The government published its White Paper “Joining up Care for People, Places and Populations” on the 9th February, describing itself as “the government’s proposals for health and care integration”. This is apparently one of a set of reforms, as it sits alongside the Health and Social Care Bill and the Adult Social Care Reform white paper.
There is no getting away from the meaningless fluff that surrounds descriptions of integration in the paper (e.g. “Successful integration is the planning, commissioning and delivery of co-ordinated, joined up and seamless services to support people to live healthy, independent and dignified lives and which improves outcomes for the population as a whole” p17). The terminology within the paper is both over the top and (at best) confusing.
The paper clarifies (p18) that a “neighbourhood” is “an area covered by, for example, primary care and their community partners”. You would think this would be called a PCN, but the PCN nomenclature appears to be have been dropped within this paper and replaced by neighbourhood. A “place” is a locally defined geographic area typically 250-500k population, and a “system” is a larger area with a population of about 1 million.
In fact PCNs only get one significant mention in the paper, and that is primarily to signpost the fact that they are being reviewed, “GP practices are already working together with community health services, mental health, social care, pharmacy, hospital and voluntary services in their local areas in groups of practices known as Primary Care Networks (PCNs). Building on existing primary care services, they are enabling greater provision of proactive, personalised, coordinated and more integrated health and social care for people closer to home. NHS Chief Executive, Amanda Pritchard, has asked Dr Claire Fuller (CEO Surrey Heartlands ICS) to lead a stocktake of how systems can enable more integrated primary care at neighbourhood and place, making an even more significant impact on improving the health of their local communities. This will report later in the spring.”
For a reason that I am not clear on, PCNs have shifted from being the central plank and foundation of integrated care systems, to something that contribute towards the overall ambition for integration – make of that that what you will.
The paper tries to distinguish between what will happen at the system level and at a place level.
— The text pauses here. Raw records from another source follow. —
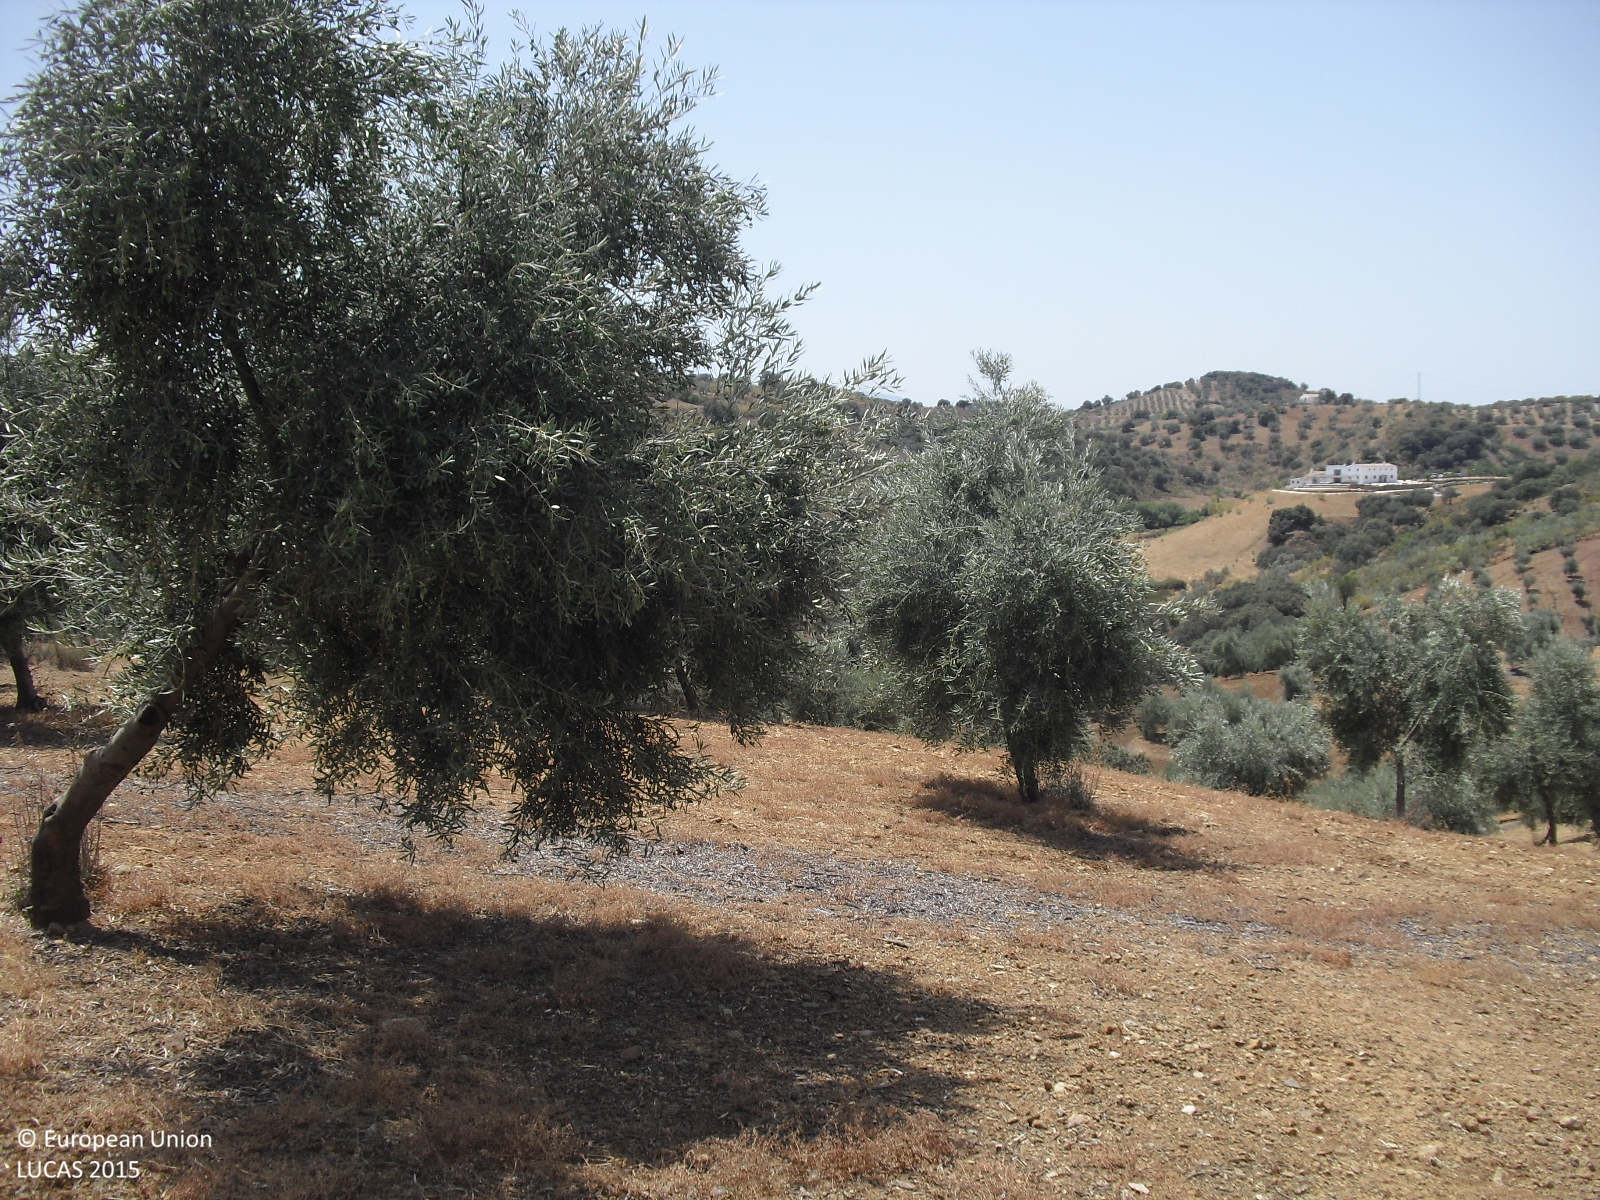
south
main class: Cropland
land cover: Olive groves
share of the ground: 10 - 25 %
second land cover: Other bare soil
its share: > 75 %
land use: Agriculture (excluding fallow land and kitchen gardens)
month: July
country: ES
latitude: 37.1738
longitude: -4.3114
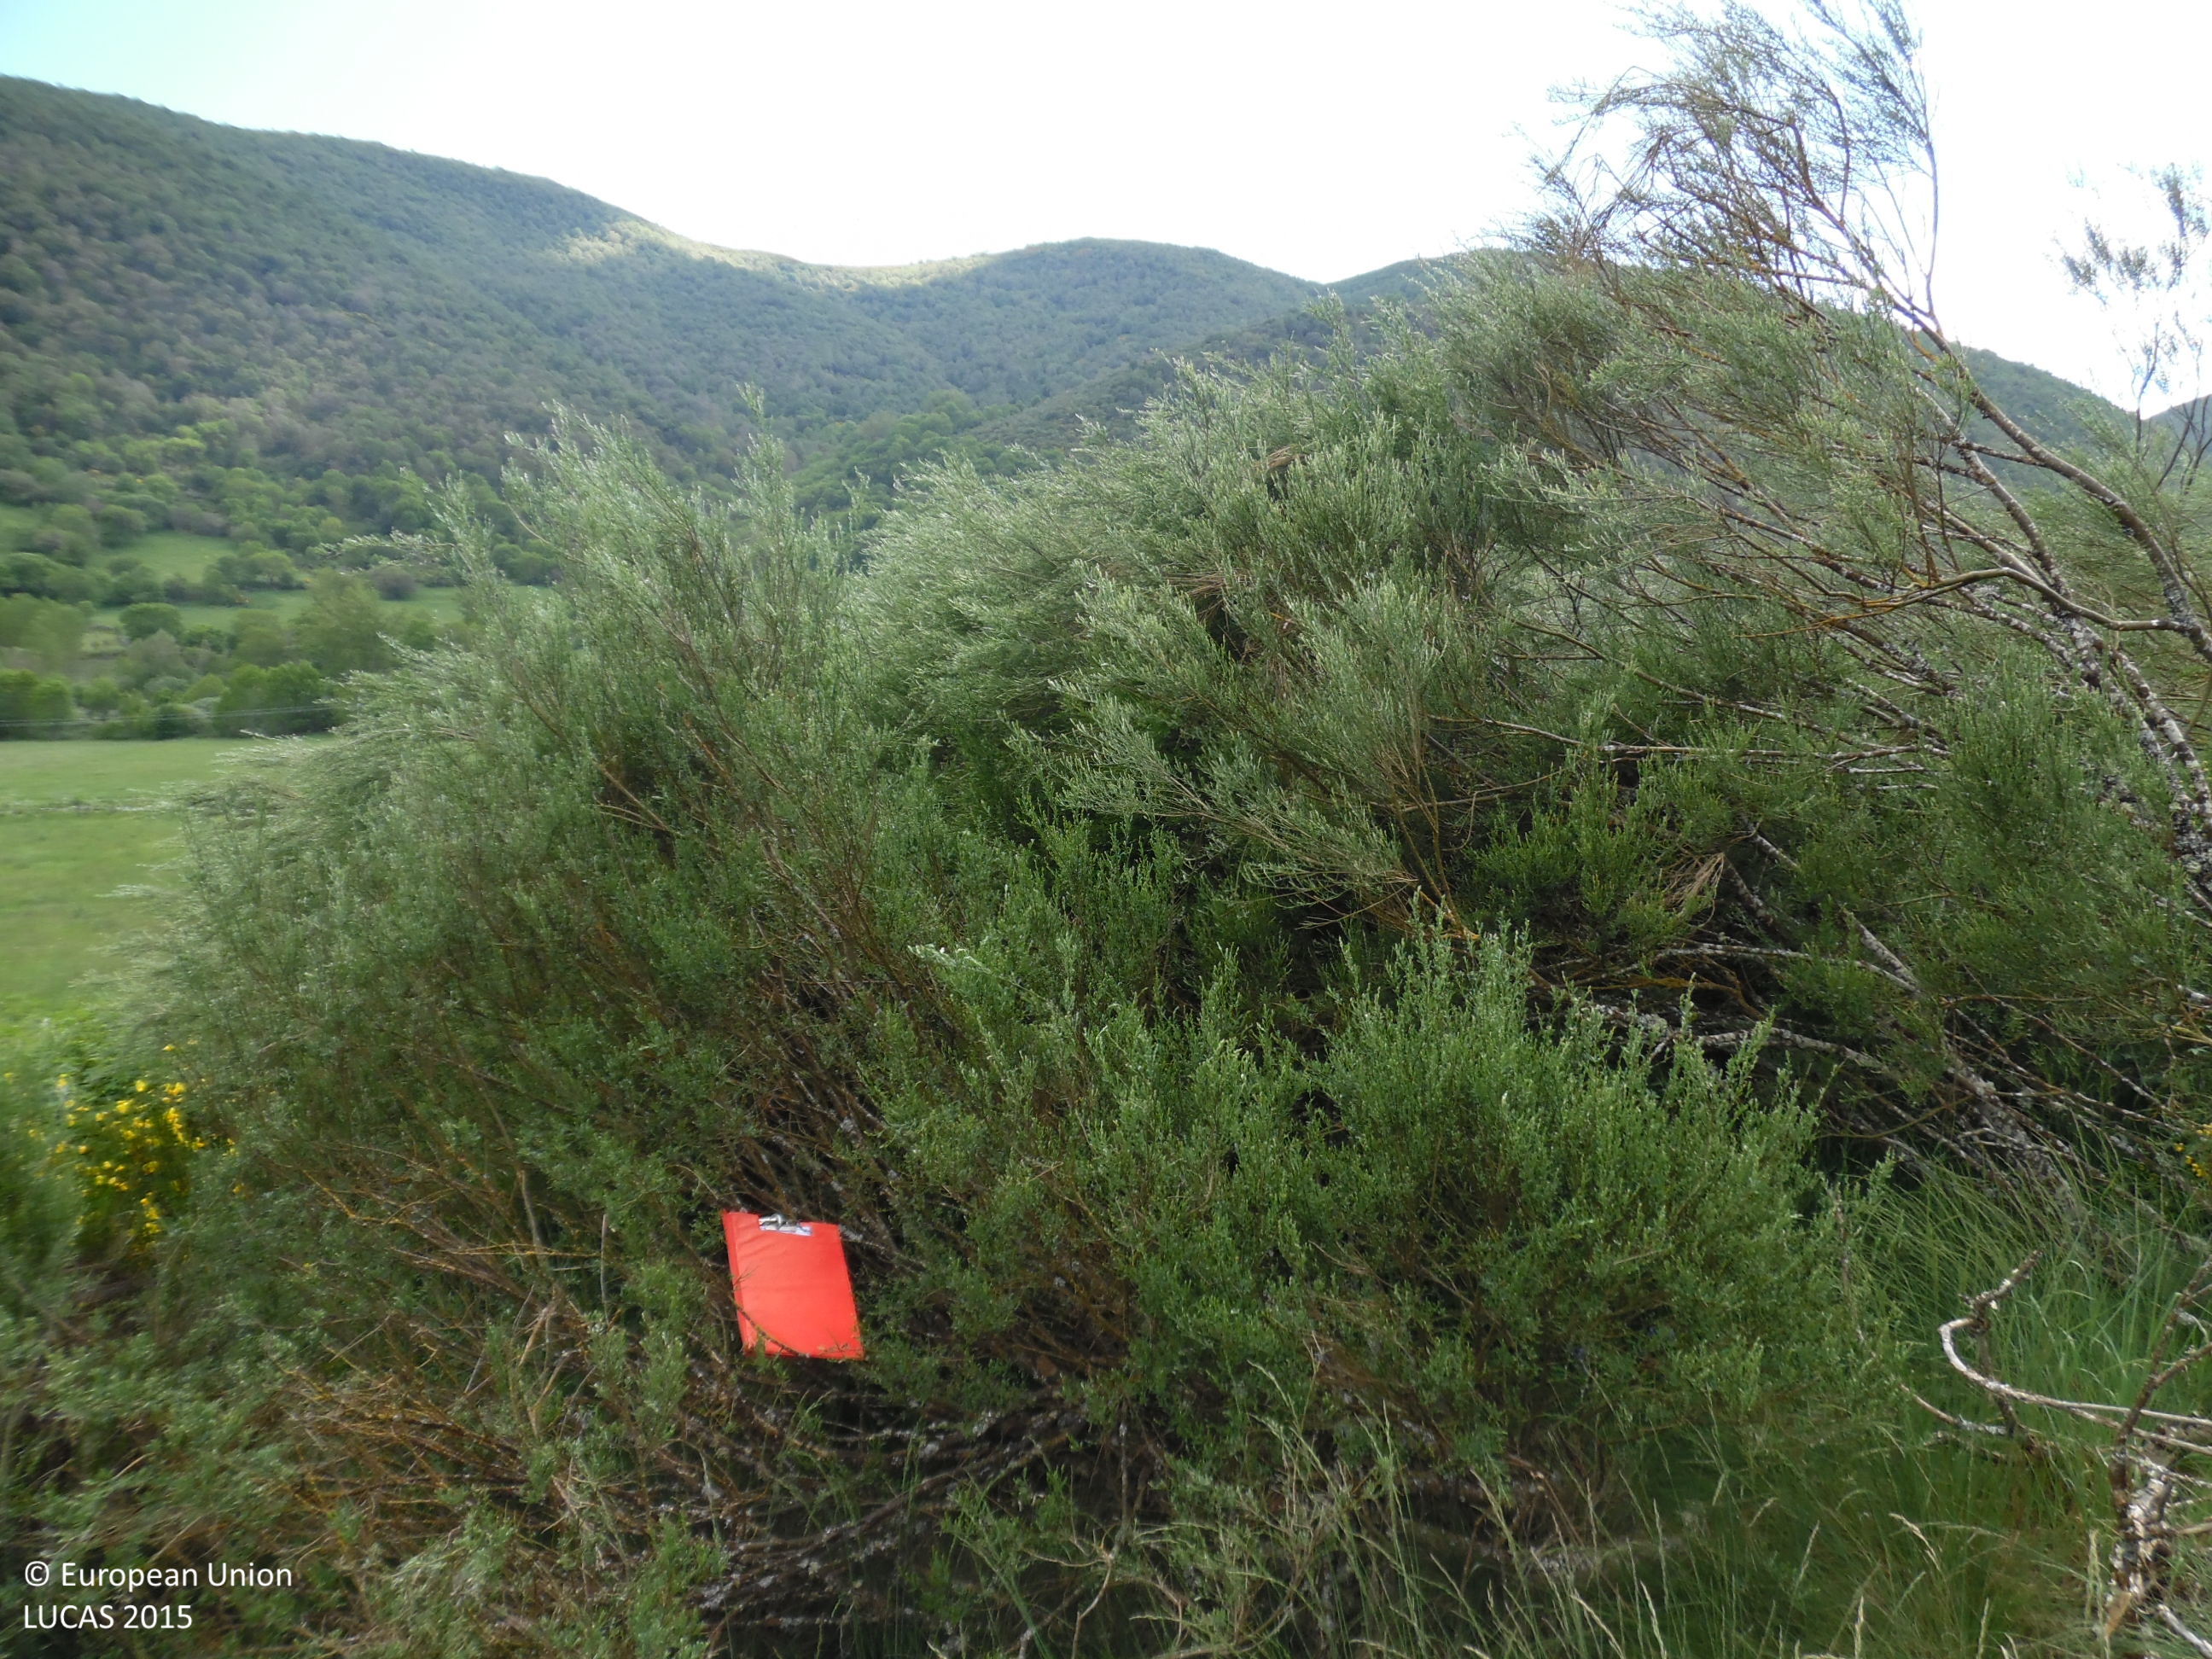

There is the sticky issue of whether the NHS or Local Authority is “in charge” at a place level, and the solution the paper comes up with is that, “There should be a single person, accountable for shared outcomes in each place or local area, working with local partners (e.g. an individual with a dual role across health and care or an individual who leads a place-based governance arrangement).” p11.
However, “These proposals will not change the current local democratic accountability or formal Accountable Officer duties within local authorities or those of the ICB and its Chief Executive”, which does rather beg the question of what power or authority these newly accountable individuals will have.
The suggested governance model for place is via a ‘place board’, “a ‘place board’ brings together partner organisations to pool resources, make decisions and plan jointly… In this system the council and ICB would delegate their functions and budgets to the board” p34.
General practice therefore needs to work out how it is able to be an effective member of, and be able to influence, this place board. This will inevitably require the PCNs within a place area to find ways of working together and to be able to create a unified voice.
The autonomy of these place boards is still open to question. Despite a lot of rhetoric about the need for local areas to determine local priorities, the pull of the top down approach has once again proved too difficult to resist, “We will set out a framework with a focused set of national priorities and an approach from which places can develop additional local priorities” (p23). A new set of national priorities is on its way for implementation from April 2023. This means places will receive their must-do list which they will undoubtedly be heavily performance managed on, but of course can also set some additional priorities for themselves if they would like.
That said, the ambition remains for services and spend to be put under the control of place based arrangements, so I still think it would be wise for general practice to ensure it plays a central role within them. One thing the paper is clear on is that general practice funding is not to be ringfenced from other spending, but rather included within a single system funding envelope (p36).
There are promises to have fully integrated shared care records across organisations and seamless data flows across all care settings in place by 2024, but if the last 20 years has taught us anything it is don’t hold your breath.
There is a whole chapter on workforce integration. What is notable about this is more what it doesn’t say than what it does. It talks about the pivotal role of link workers and care navigators in joining up care, about pharmacist integration, and about making better use of occupational therapists, but it never once references the additional roles coming into PCNs through the ARRS.
Overall the paper continues the national drive towards integration, and reinforces the need for general practice to make sure it is playing a central role in the developing place based arrangements for their area. What is potentially of most concern is the shift away from the importance of PCNs and whatever lies underneath that.